## TASK DETAILS
An exact copy of every record is needed, with all pictures omitted.

## SOURCE RECORDS
• • • • • • •

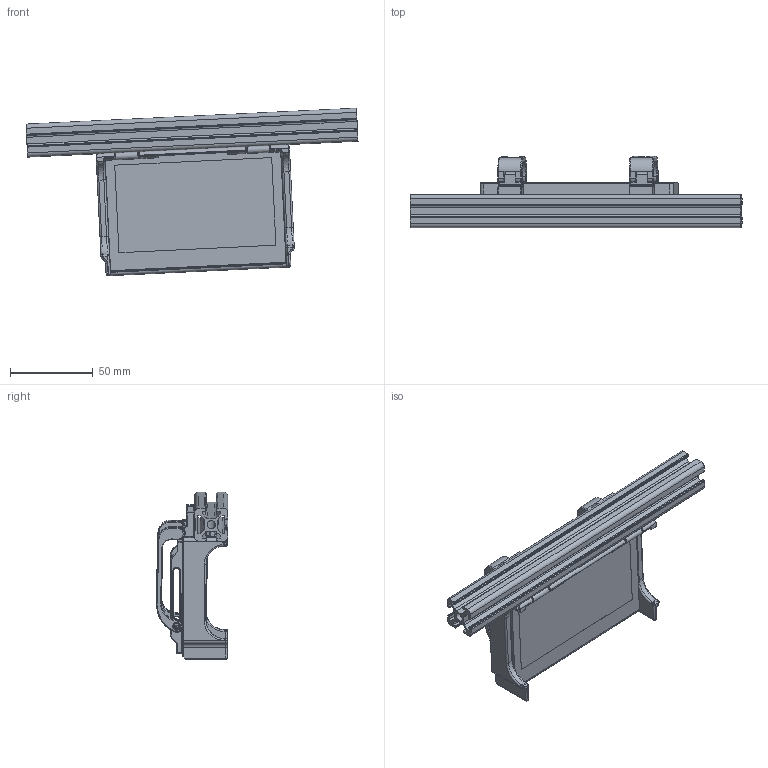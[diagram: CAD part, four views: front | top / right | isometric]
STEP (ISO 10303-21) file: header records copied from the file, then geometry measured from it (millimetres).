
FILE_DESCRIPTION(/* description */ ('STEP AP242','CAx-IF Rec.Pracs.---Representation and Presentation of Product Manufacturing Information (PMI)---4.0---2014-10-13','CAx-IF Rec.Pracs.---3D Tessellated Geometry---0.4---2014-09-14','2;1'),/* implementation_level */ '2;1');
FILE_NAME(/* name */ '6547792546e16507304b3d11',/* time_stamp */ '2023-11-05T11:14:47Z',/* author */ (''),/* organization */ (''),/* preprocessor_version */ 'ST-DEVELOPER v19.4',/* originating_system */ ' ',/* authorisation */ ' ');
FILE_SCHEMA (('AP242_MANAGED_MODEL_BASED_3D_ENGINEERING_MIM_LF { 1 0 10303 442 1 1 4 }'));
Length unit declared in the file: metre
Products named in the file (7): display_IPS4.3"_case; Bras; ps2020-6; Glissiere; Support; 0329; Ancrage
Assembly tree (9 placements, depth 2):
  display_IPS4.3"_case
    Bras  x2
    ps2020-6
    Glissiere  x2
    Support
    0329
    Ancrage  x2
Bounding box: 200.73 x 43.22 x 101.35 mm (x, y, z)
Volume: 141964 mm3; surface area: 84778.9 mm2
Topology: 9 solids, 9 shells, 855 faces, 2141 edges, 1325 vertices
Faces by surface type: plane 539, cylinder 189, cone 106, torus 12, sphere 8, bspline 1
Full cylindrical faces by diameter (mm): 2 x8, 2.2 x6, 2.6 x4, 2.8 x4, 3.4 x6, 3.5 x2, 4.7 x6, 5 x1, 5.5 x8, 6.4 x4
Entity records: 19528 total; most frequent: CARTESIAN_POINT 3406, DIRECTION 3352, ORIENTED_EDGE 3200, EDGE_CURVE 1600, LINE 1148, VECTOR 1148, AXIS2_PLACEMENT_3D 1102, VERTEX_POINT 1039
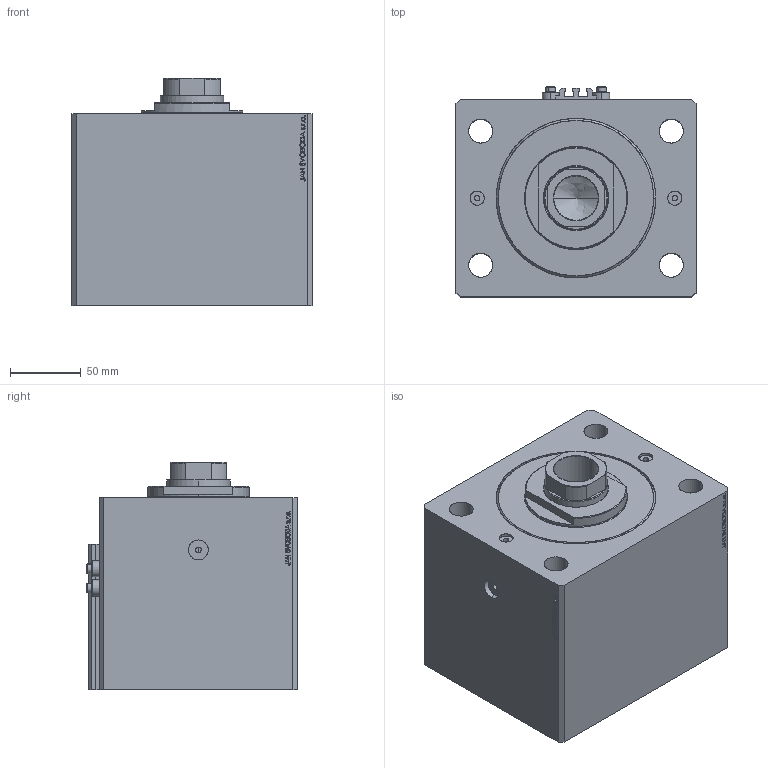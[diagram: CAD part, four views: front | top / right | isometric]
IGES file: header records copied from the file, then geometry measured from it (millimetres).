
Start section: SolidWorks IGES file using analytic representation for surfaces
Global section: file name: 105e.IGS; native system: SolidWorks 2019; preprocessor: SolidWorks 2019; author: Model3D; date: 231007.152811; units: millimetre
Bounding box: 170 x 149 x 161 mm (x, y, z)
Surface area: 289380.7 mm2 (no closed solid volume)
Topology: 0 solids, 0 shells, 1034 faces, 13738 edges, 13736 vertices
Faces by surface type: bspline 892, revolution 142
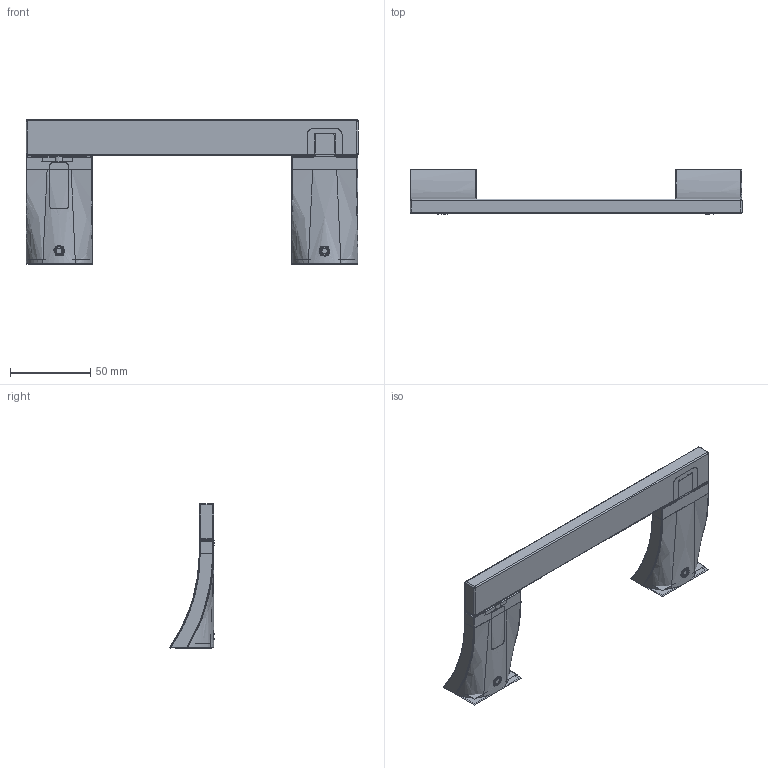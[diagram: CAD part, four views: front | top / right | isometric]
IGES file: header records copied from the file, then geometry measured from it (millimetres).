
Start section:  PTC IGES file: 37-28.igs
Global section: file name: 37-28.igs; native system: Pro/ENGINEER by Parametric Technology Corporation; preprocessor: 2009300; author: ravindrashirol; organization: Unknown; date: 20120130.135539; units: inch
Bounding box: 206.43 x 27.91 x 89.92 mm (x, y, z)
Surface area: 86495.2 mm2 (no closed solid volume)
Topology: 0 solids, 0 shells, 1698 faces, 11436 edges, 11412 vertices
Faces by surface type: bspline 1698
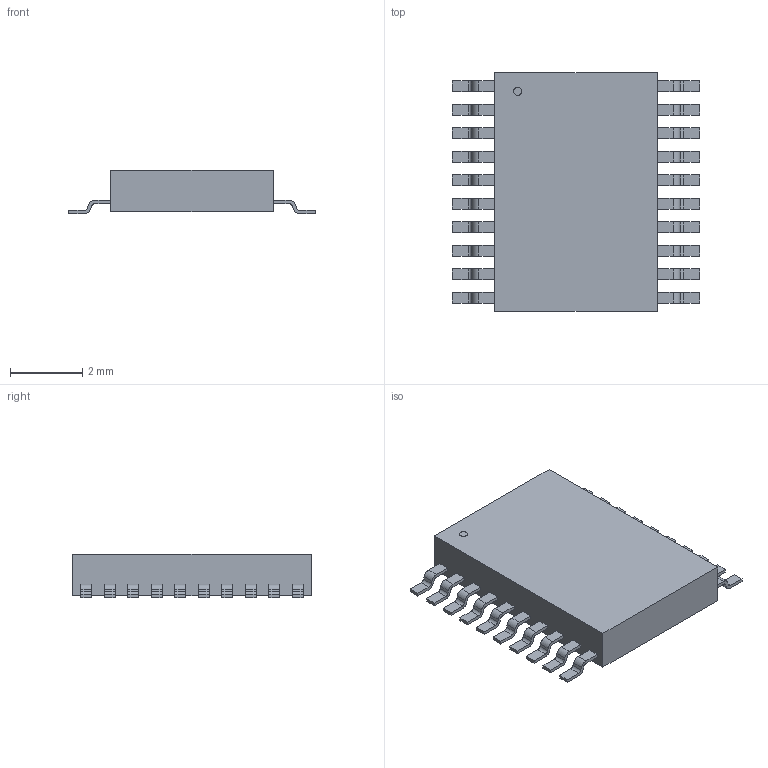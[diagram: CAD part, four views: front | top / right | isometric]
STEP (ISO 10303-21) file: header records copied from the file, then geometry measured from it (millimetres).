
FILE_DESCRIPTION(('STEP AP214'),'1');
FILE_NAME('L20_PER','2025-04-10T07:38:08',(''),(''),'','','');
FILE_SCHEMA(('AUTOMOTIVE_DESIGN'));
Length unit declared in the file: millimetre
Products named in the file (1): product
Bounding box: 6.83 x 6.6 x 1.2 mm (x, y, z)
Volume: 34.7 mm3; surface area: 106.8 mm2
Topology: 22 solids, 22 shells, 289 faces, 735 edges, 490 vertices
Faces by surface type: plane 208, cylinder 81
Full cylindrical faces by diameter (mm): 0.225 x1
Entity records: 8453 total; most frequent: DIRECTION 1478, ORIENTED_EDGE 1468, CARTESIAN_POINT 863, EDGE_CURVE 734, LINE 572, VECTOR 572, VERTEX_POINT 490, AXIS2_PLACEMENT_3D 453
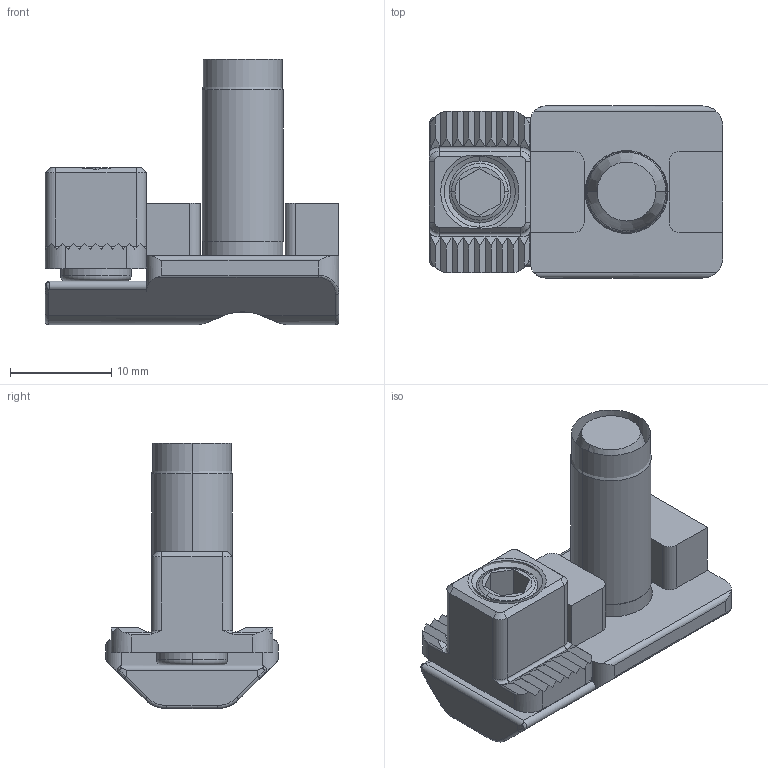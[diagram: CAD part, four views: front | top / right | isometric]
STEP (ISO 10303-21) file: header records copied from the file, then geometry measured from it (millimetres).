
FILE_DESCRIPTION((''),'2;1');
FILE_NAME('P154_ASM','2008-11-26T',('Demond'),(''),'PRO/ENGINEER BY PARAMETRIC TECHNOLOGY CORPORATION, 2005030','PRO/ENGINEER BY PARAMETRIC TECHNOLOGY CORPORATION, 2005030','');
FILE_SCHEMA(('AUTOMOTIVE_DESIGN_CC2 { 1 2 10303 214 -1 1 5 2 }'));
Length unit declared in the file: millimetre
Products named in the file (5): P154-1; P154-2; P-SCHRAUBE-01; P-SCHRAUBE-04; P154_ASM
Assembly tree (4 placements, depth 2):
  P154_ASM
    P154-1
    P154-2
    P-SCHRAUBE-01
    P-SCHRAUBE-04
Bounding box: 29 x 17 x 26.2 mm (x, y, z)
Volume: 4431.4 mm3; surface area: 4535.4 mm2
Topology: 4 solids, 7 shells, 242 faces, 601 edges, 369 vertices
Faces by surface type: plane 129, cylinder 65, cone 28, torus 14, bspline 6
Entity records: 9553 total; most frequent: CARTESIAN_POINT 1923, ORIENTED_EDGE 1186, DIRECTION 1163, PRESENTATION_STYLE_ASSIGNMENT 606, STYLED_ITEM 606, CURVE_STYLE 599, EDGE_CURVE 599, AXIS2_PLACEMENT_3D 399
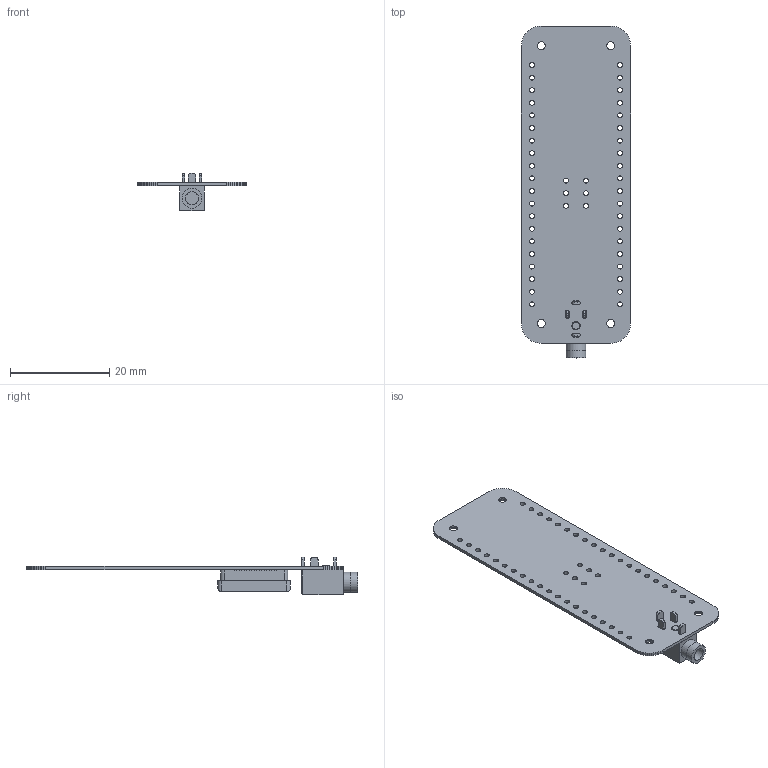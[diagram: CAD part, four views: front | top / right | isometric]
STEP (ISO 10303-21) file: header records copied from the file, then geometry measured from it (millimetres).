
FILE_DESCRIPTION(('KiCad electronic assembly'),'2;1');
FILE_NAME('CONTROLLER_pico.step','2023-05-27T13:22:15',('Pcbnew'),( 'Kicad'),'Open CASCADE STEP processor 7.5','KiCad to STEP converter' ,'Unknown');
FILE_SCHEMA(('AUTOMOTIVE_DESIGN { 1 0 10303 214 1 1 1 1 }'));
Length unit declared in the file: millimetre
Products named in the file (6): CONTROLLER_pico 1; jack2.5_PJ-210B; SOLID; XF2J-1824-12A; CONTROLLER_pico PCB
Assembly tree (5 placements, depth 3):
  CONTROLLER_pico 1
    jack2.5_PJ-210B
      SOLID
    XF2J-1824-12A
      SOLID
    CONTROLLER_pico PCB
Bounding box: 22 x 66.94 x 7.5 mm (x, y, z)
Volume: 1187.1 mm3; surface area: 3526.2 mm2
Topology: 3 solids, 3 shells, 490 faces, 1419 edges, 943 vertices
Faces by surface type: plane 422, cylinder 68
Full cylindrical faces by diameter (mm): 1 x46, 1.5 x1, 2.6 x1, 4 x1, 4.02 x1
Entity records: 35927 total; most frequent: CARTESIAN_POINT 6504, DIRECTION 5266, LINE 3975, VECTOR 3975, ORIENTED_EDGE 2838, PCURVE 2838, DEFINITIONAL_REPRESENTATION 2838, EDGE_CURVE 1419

• • • • • • •

## WRITTEN RESPONSE
[diagram: CAD part, four views: front | top / right | isometric]
STEP (ISO 10303-21) file: header records copied from the file, then geometry measured from it (millimetres).
FILE_DESCRIPTION(/* description */ ('STEP AP242','CAx-IF Rec.Pracs.---Representation and Presentation of Product Manufacturing Information (PMI)---4.0---2014-10-13','CAx-IF Rec.Pracs.---3D Tessellated Geometry---0.4---2014-09-14','2;1'),/* implementation_level */ '2;1');
FILE_NAME(/* name */ '6547792546e16507304b3d11',/* time_stamp */ '2023-11-05T11:14:47Z',/* author */ (''),/* organization */ (''),/* preprocessor_version */ 'ST-DEVELOPER v19.4',/* originating_system */ ' ',/* authorisation */ ' ');
FILE_SCHEMA (('AP242_MANAGED_MODEL_BASED_3D_ENGINEERING_MIM_LF { 1 0 10303 442 1 1 4 }'));
Length unit declared in the file: metre
Products named in the file (7): display_IPS4.3"_case; Bras; ps2020-6; Glissiere; Support; 0329; Ancrage
Assembly tree (9 placements, depth 2):
  display_IPS4.3"_case
    Bras  x2
    ps2020-6
    Glissiere  x2
    Support
    0329
    Ancrage  x2
Bounding box: 200.73 x 43.22 x 101.35 mm (x, y, z)
Volume: 141964 mm3; surface area: 84778.9 mm2
Topology: 9 solids, 9 shells, 855 faces, 2141 edges, 1325 vertices
Faces by surface type: plane 539, cylinder 189, cone 106, torus 12, sphere 8, bspline 1
Full cylindrical faces by diameter (mm): 2 x8, 2.2 x6, 2.6 x4, 2.8 x4, 3.4 x6, 3.5 x2, 4.7 x6, 5 x1, 5.5 x8, 6.4 x4
Entity records: 19528 total; most frequent: CARTESIAN_POINT 3406, DIRECTION 3352, ORIENTED_EDGE 3200, EDGE_CURVE 1600, LINE 1148, VECTOR 1148, AXIS2_PLACEMENT_3D 1102, VERTEX_POINT 1039
[diagram: CAD part, four views: front | top / right | isometric]
IGES file: header records copied from the file, then geometry measured from it (millimetres).
Start section: SolidWorks IGES file using analytic representation for surfaces
Global section: file name: 105e.IGS; native system: SolidWorks 2019; preprocessor: SolidWorks 2019; author: Model3D; date: 231007.152811; units: millimetre
Bounding box: 170 x 149 x 161 mm (x, y, z)
Surface area: 289380.7 mm2 (no closed solid volume)
Topology: 0 solids, 0 shells, 1034 faces, 13738 edges, 13736 vertices
Faces by surface type: bspline 892, revolution 142
[diagram: CAD part, four views: front | top / right | isometric]
IGES file: header records copied from the file, then geometry measured from it (millimetres).
Start section:  PTC IGES file: 37-28.igs
Global section: file name: 37-28.igs; native system: Pro/ENGINEER by Parametric Technology Corporation; preprocessor: 2009300; author: ravindrashirol; organization: Unknown; date: 20120130.135539; units: inch
Bounding box: 206.43 x 27.91 x 89.92 mm (x, y, z)
Surface area: 86495.2 mm2 (no closed solid volume)
Topology: 0 solids, 0 shells, 1698 faces, 11436 edges, 11412 vertices
Faces by surface type: bspline 1698
[diagram: CAD part, four views: front | top / right | isometric]
STEP (ISO 10303-21) file: header records copied from the file, then geometry measured from it (millimetres).
FILE_DESCRIPTION(('STEP AP214'),'1');
FILE_NAME('L20_PER','2025-04-10T07:38:08',(''),(''),'','','');
FILE_SCHEMA(('AUTOMOTIVE_DESIGN'));
Length unit declared in the file: millimetre
Products named in the file (1): product
Bounding box: 6.83 x 6.6 x 1.2 mm (x, y, z)
Volume: 34.7 mm3; surface area: 106.8 mm2
Topology: 22 solids, 22 shells, 289 faces, 735 edges, 490 vertices
Faces by surface type: plane 208, cylinder 81
Full cylindrical faces by diameter (mm): 0.225 x1
Entity records: 8453 total; most frequent: DIRECTION 1478, ORIENTED_EDGE 1468, CARTESIAN_POINT 863, EDGE_CURVE 734, LINE 572, VECTOR 572, VERTEX_POINT 490, AXIS2_PLACEMENT_3D 453
[diagram: CAD part, four views: front | top / right | isometric]
STEP (ISO 10303-21) file: header records copied from the file, then geometry measured from it (millimetres).
FILE_DESCRIPTION((''),'2;1');
FILE_NAME('P154_ASM','2008-11-26T',('Demond'),(''),'PRO/ENGINEER BY PARAMETRIC TECHNOLOGY CORPORATION, 2005030','PRO/ENGINEER BY PARAMETRIC TECHNOLOGY CORPORATION, 2005030','');
FILE_SCHEMA(('AUTOMOTIVE_DESIGN_CC2 { 1 2 10303 214 -1 1 5 2 }'));
Length unit declared in the file: millimetre
Products named in the file (5): P154-1; P154-2; P-SCHRAUBE-01; P-SCHRAUBE-04; P154_ASM
Assembly tree (4 placements, depth 2):
  P154_ASM
    P154-1
    P154-2
    P-SCHRAUBE-01
    P-SCHRAUBE-04
Bounding box: 29 x 17 x 26.2 mm (x, y, z)
Volume: 4431.4 mm3; surface area: 4535.4 mm2
Topology: 4 solids, 7 shells, 242 faces, 601 edges, 369 vertices
Faces by surface type: plane 129, cylinder 65, cone 28, torus 14, bspline 6
Entity records: 9553 total; most frequent: CARTESIAN_POINT 1923, ORIENTED_EDGE 1186, DIRECTION 1163, PRESENTATION_STYLE_ASSIGNMENT 606, STYLED_ITEM 606, CURVE_STYLE 599, EDGE_CURVE 599, AXIS2_PLACEMENT_3D 399
[diagram: CAD part, four views: front | top / right | isometric]
STEP (ISO 10303-21) file: header records copied from the file, then geometry measured from it (millimetres).
FILE_DESCRIPTION(('KiCad electronic assembly'),'2;1');
FILE_NAME('CONTROLLER_pico.step','2023-05-27T13:22:15',('Pcbnew'),( 'Kicad'),'Open CASCADE STEP processor 7.5','KiCad to STEP converter' ,'Unknown');
FILE_SCHEMA(('AUTOMOTIVE_DESIGN { 1 0 10303 214 1 1 1 1 }'));
Length unit declared in the file: millimetre
Products named in the file (6): CONTROLLER_pico 1; jack2.5_PJ-210B; SOLID; XF2J-1824-12A; CONTROLLER_pico PCB
Assembly tree (5 placements, depth 3):
  CONTROLLER_pico 1
    jack2.5_PJ-210B
      SOLID
    XF2J-1824-12A
      SOLID
    CONTROLLER_pico PCB
Bounding box: 22 x 66.94 x 7.5 mm (x, y, z)
Volume: 1187.1 mm3; surface area: 3526.2 mm2
Topology: 3 solids, 3 shells, 490 faces, 1419 edges, 943 vertices
Faces by surface type: plane 422, cylinder 68
Full cylindrical faces by diameter (mm): 1 x46, 1.5 x1, 2.6 x1, 4 x1, 4.02 x1
Entity records: 35927 total; most frequent: CARTESIAN_POINT 6504, DIRECTION 5266, LINE 3975, VECTOR 3975, ORIENTED_EDGE 2838, PCURVE 2838, DEFINITIONAL_REPRESENTATION 2838, EDGE_CURVE 1419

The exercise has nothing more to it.